The dashboard identifies the SmartEvents, and the third one here is new in the latest analysis:
Drilling down, the single aggregated event entry expands to two individual SmartEvents:
Drilling down into one of the SmartEvents, the problem is again clearly spelled out:
The SmartEvent shows there is a contract between the prod db tier and the non-prod db tier for the petstore, but in order to allow that contract to function it is necessary to have a route between these EPGs. Unfortunately, the same subnet – 10.65.0.0/24 – has been used in both the prod and non-prod environments.
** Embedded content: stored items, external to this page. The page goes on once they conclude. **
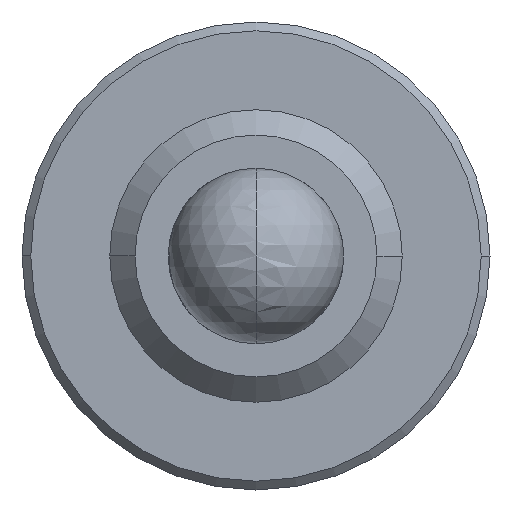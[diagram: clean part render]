
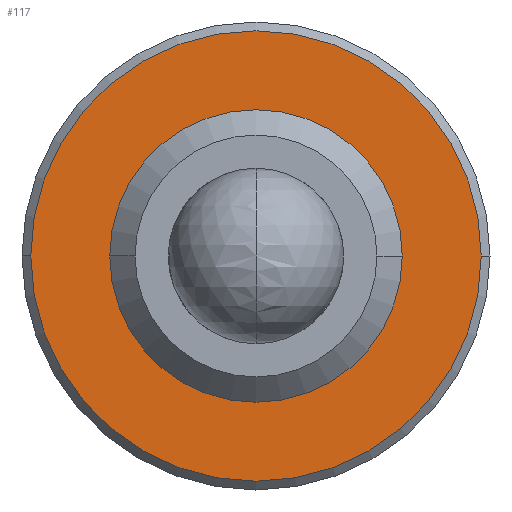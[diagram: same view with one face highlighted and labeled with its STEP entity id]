
A CAD part, front view. The second image highlights one B-rep face of the part: STEP entity #117.
In plain terms, the highlighted planar face has unit normal (0, -1, 0).
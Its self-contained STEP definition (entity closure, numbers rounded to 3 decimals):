
#117=ADVANCED_FACE('',(#230,#231),#232,.T.);
#230=FACE_OUTER_BOUND('',#337,.T.);
#231=FACE_BOUND('',#338,.T.);
#232=PLANE('',#339);
#337=EDGE_LOOP('',(#587,#588));
#338=EDGE_LOOP('',(#589,#590,#591));
#339=AXIS2_PLACEMENT_3D('',#592,#593,#594);
#587=ORIENTED_EDGE('',*,*,#647,.T.);
#588=ORIENTED_EDGE('',*,*,#636,.T.);
#589=ORIENTED_EDGE('',*,*,#621,.F.);
#590=ORIENTED_EDGE('',*,*,#620,.F.);
#591=ORIENTED_EDGE('',*,*,#653,.F.);
#592=CARTESIAN_POINT('',(2.0,10.9,0.0));
#593=DIRECTION('',(0.,-1.0,0.0));
#594=DIRECTION('',(1.0,0.,0.0));
#620=EDGE_CURVE('',#731,#734,#735,.T.);
#621=EDGE_CURVE('',#734,#736,#737,.T.);
#636=EDGE_CURVE('',#758,#756,#759,.T.);
#647=EDGE_CURVE('',#756,#758,#772,.T.);
#653=EDGE_CURVE('',#736,#731,#778,.T.);
#731=VERTEX_POINT('',#876);
#734=VERTEX_POINT('',#879);
#735=CIRCLE('',#880,2.417);
#736=VERTEX_POINT('',#881);
#737=CIRCLE('',#882,2.417);
#756=VERTEX_POINT('',#905);
#758=VERTEX_POINT('',#908);
#759=CIRCLE('',#909,3.85);
#772=CIRCLE('',#925,3.85);
#778=CIRCLE('',#931,2.417);
#876=CARTESIAN_POINT('',(0.,10.9,-2.417));
#879=CARTESIAN_POINT('',(2.417,10.9,0.0));
#880=AXIS2_PLACEMENT_3D('',#1037,#1038,#1039);
#881=CARTESIAN_POINT('',(0.,10.9,2.417));
#882=AXIS2_PLACEMENT_3D('',#1040,#1041,#1042);
#905=CARTESIAN_POINT('',(3.85,10.9,0.0));
#908=CARTESIAN_POINT('',(-3.85,10.9,0.));
#909=AXIS2_PLACEMENT_3D('',#1066,#1067,#1068);
#925=AXIS2_PLACEMENT_3D('',#1084,#1085,#1086);
#931=AXIS2_PLACEMENT_3D('',#1093,#1094,#1095);
#1037=CARTESIAN_POINT('',(0.,10.9,0.0));
#1038=DIRECTION('',(0.,-1.0,0.0));
#1039=DIRECTION('',(1.0,0.,0.0));
#1040=CARTESIAN_POINT('',(0.,10.9,0.0));
#1041=DIRECTION('',(0.,-1.0,0.0));
#1042=DIRECTION('',(1.0,0.,0.0));
#1066=CARTESIAN_POINT('',(0.,10.9,0.0));
#1067=DIRECTION('',(0.,-1.0,0.0));
#1068=DIRECTION('',(1.0,0.,0.0));
#1084=CARTESIAN_POINT('',(0.,10.9,0.0));
#1085=DIRECTION('',(0.,-1.0,0.0));
#1086=DIRECTION('',(1.0,0.,0.0));
#1093=CARTESIAN_POINT('',(0.,10.9,0.0));
#1094=DIRECTION('',(0.,-1.0,0.0));
#1095=DIRECTION('',(1.0,0.,0.0));

Reasonably enough, the suggested next steps are to confirm if this connectivity is needed, and if so to fix the IP duplication problem. If not, then the contract between the two should be removed.
Cisco’s unique core of engineering, advanced services, and technical services has powered NAE to recognize over 5000 issues, and just browsing a small percentage of the event categories, it looks like the analysis is pretty thorough. For example:
It’s not that humans can’t find these kinds of errors on their own, but it can be hugely onerous. With the breath of intent that can be expressed within Cisco ACI, and the scale of modern networks, tracking down a communication problem could be a very time-consuming activity. Cisco NAE is like an virtual expert, that aggregates and reasons through the massive state and policy space on your behalf. It can identify those issues quickly by checking the network regularly for thousands of configuration or dynamic state issues.
Finding the Unknown
I know someone years ago who was a pre-sales engineer for a packet capture and analysis product. Their sales pitch was along the lines of “Give me 15 minutes to capture some traffic and I’ll tell you 10 things you didn’t know about your network.” The challenge was usually met with success. Cisco Network Assurance Engine is a product that would likely work with a similar approach: let NAE run for a few analysis cycles and I’d wager that almost every network has issues that network administrators were unaware of, yet NAE can identify.
Network configuration continues to grow more complex. At the same time, administrators move further away from the underlying configurations as multiple abstraction layers sit between them and the hardware. The need for, and utility of a tool that performs a sanity check of the network, indeed exhaustively VERIFIES it – as it has been implemented – will likely grow and become the de facto way we build and operate modern networks. Cisco’s Network Assurance Engine provides that verification today and continues working on ingesting an increasing range of networking and controller devices for analysis.